看了看這幾個孩子,江德華:“這回你們聽明白了?這就是我和他們鬧翻的原因。”
江亞菲:“姑姑,你不是喜歡丁叔嗎?為什麼還不高興了?”
“我喜歡不等於我要嫁給他。
我有一次還說要環遊世界呢,難不成就能成。
那不過是嘮閑嗑。
但真的談及婚姻大事,我不覺得我四十三歲的人了,自己的婚姻還需要當哥哥的給做主。
而且,孩子們,這都不是主要的,我生氣的是,我四十三了,現在島外的人,很多四十多歲的都把工作讓給了兒女,自己在家過起養老生活。
人家都養老了,我呢,居然還跳入婚姻中,去照顧老丁和他的四個兒子。
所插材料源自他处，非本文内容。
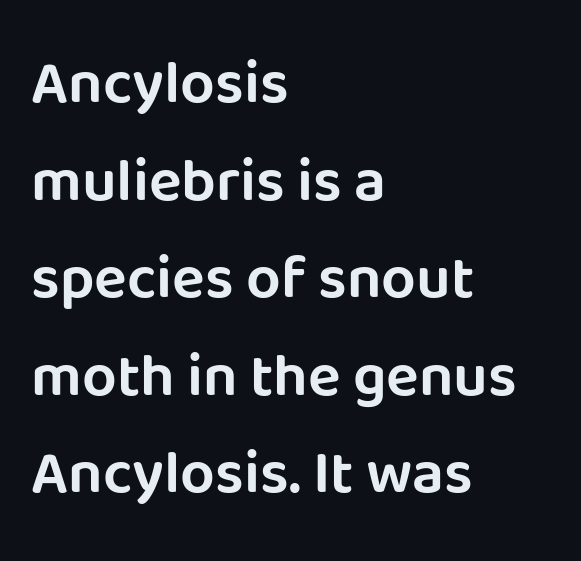
{"serif": "no", "italic": "no", "width": "normal", "stroke_contrast": "low", "x_height": "large", "monospaced": "no", "underline": "no", "align": "left", "line_spacing": "normal", "line_spacing_ratio": 1.6, "letter_spacing": "normal", "letter_spacing_em": 0.0, "glyph_px": 61}

”
“可你不是常過去給他洗床單什麼的嗎?”
“那是人情。
那時候我傻,一心一意都在你們一家子身上,我這樣對老丁,老丁自然也會在人脈資源上回報咱們,他會領情。
但你們爸媽讓我傷心了。
我給你們做了十九年的保姆,每隔一天,就是小山堆的一堆衣服都是我一點點搓洗乾淨的。
而且,你們媽的衣服到底多到什麼程度,相信你們仔細想想就知道了。
所以,你們媽的衣服是一天一換,都是我洗的。
這裏的冬天,那水也是冰冰涼的。
你們問問你們的媽,她這輩子可有洗過你們的尿布?
老二和老三老四就差一年多,那時候老二的尿布還需要洗,可老三、老四就來了。
當時我是真的累啊。”
江德華說到這裏,把自己的手伸出來看,這是一雙骨節粗大長滿老繭的手。
“我做了這麼多年的保姆照顧你們,我任勞任怨。
說心裏話,原本我真的沒打算嫁人,隻想著,就這樣依附自己哥哥、依附你們一幫子侄子侄女過日子。
可萬萬沒想到,你們媽覺得,亞寧都可以洗自己衣服了,甚至鍛煉一下做飯都沒問題。
所以,用不著我了,這回她‘突然’地發現,我這個保姆好像應該嫁人了。
不然就砸你們家手裏了。
可,她五年前、十年前、十五年前怎麼不想想我要嫁人呢?虛不虛偽?
還有更可氣的,我就不信,你們手裏沒有一點錢,還需要去預支工資,對著人家說給我的嫁妝是被褥、暖瓶、洗臉盆和毛巾,大家圍著她算賬,說需要一兩百,然後就都對著我誇你們媽心好。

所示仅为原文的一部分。